## Your task
Before you return the lines below, strip out any images and keep every word as written.
═════ Extracted material
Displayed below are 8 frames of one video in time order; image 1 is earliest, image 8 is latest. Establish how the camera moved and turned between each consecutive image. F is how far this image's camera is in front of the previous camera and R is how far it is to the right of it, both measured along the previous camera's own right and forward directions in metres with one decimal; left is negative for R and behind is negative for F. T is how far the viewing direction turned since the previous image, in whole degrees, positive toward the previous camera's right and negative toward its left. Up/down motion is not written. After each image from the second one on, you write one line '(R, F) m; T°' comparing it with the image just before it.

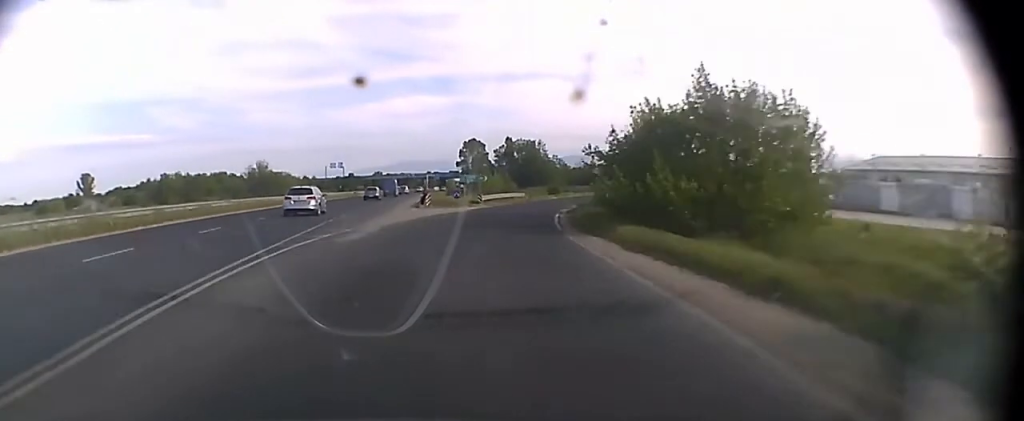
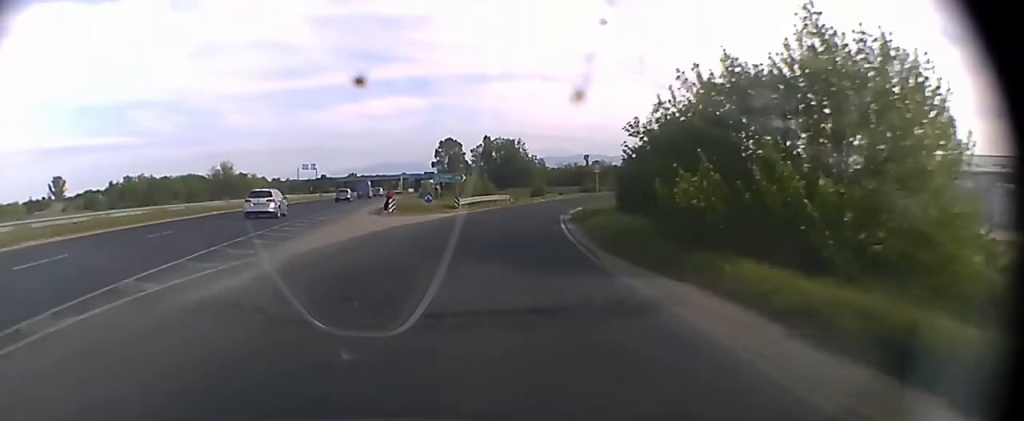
(+0.1, +9.7) m; +2°
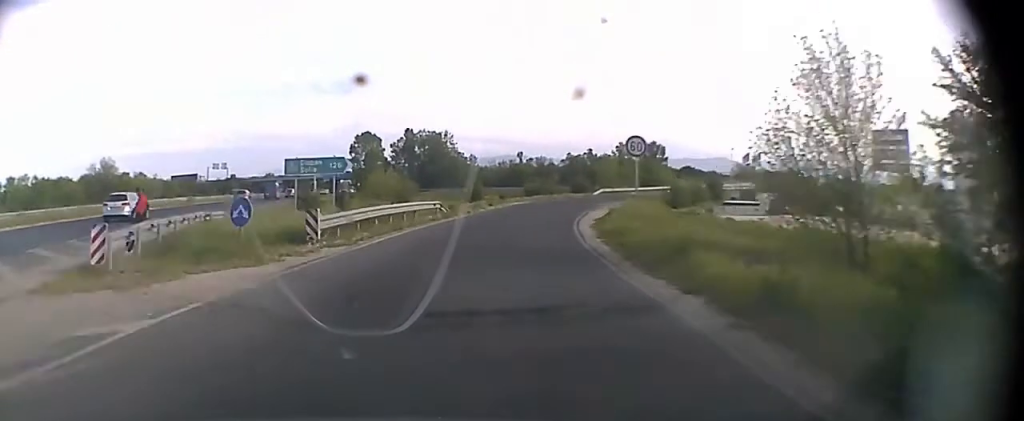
(+1.1, +25.9) m; +6°
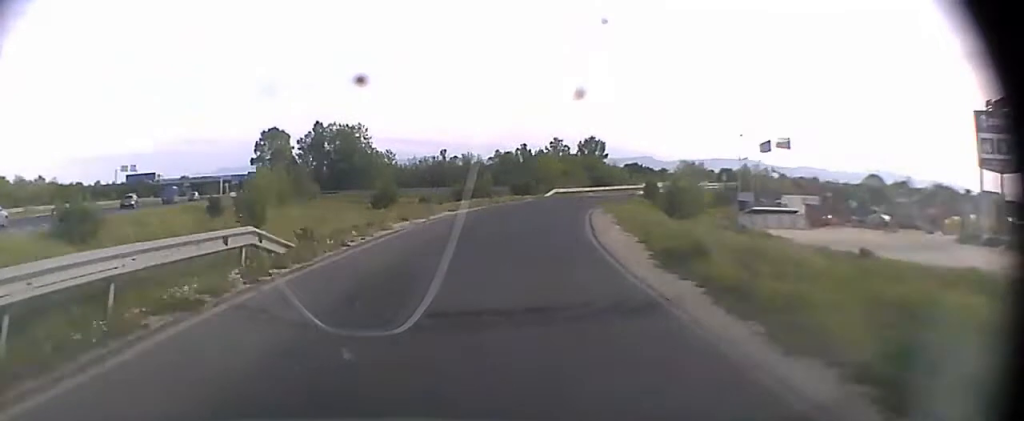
(+1.3, +22.8) m; +6°
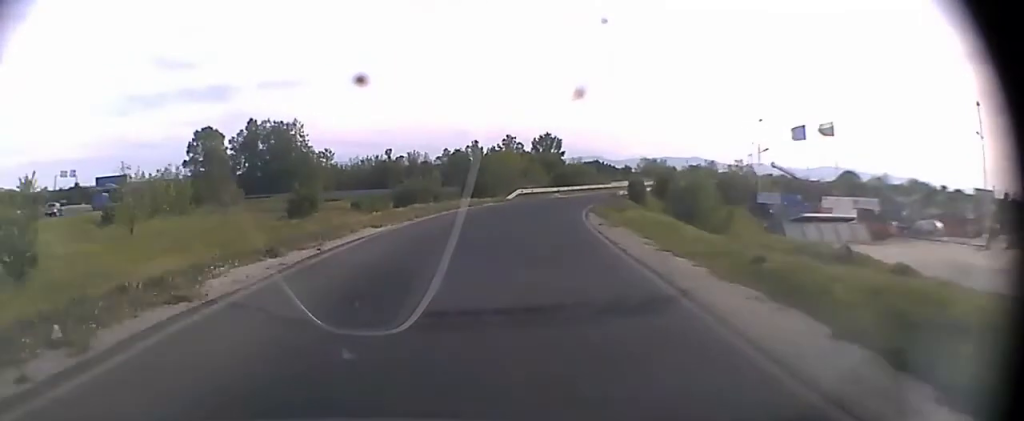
(+0.5, +10.6) m; +3°
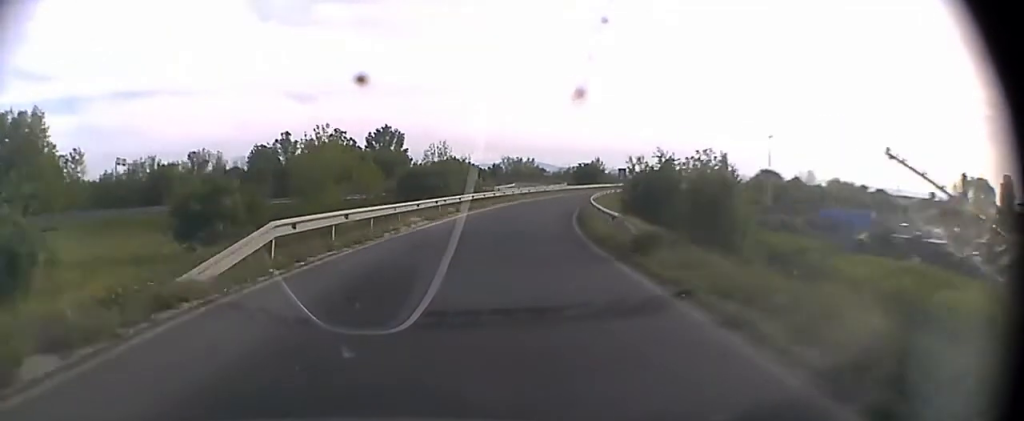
(+5.2, +42.7) m; +14°
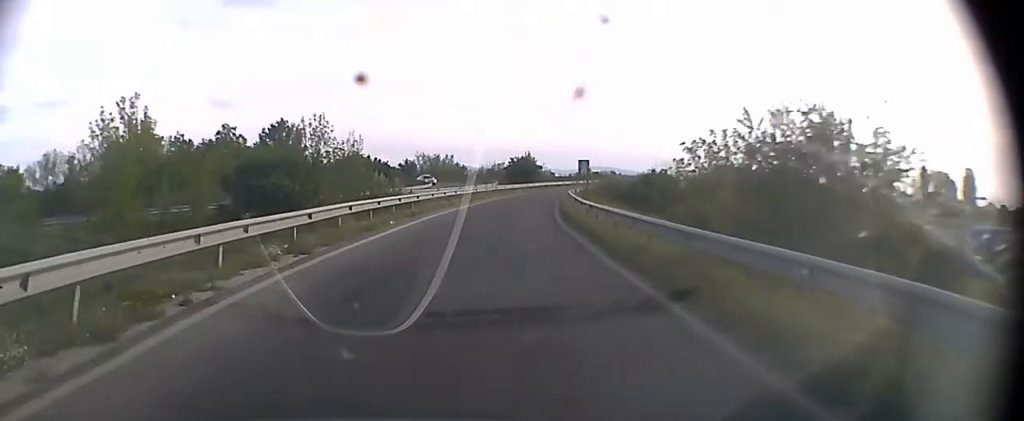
══════════
## Solution to this exercise
Displayed below are 8 frames of one video in time order; image 1 is earliest, image 8 is latest. Establish how the camera moved and turned between each consecutive image. F is how far this image's camera is in front of the previous camera and R is how far it is to the right of it, both measured along the previous camera's own right and forward directions in metres with one decimal; left is negative for R and behind is negative for F. T is how far the viewing direction turned since the previous image, in whole degrees, positive toward the previous camera's right and negative toward its left. Up/down motion is not written. After each image from the second one on, you write one line '(R, F) m; T°' comparing it with the image just before it.

(+0.1, +9.7) m; +2°
(+1.1, +25.9) m; +6°
(+1.3, +22.8) m; +6°
(+0.5, +10.6) m; +3°
(+5.2, +42.7) m; +14°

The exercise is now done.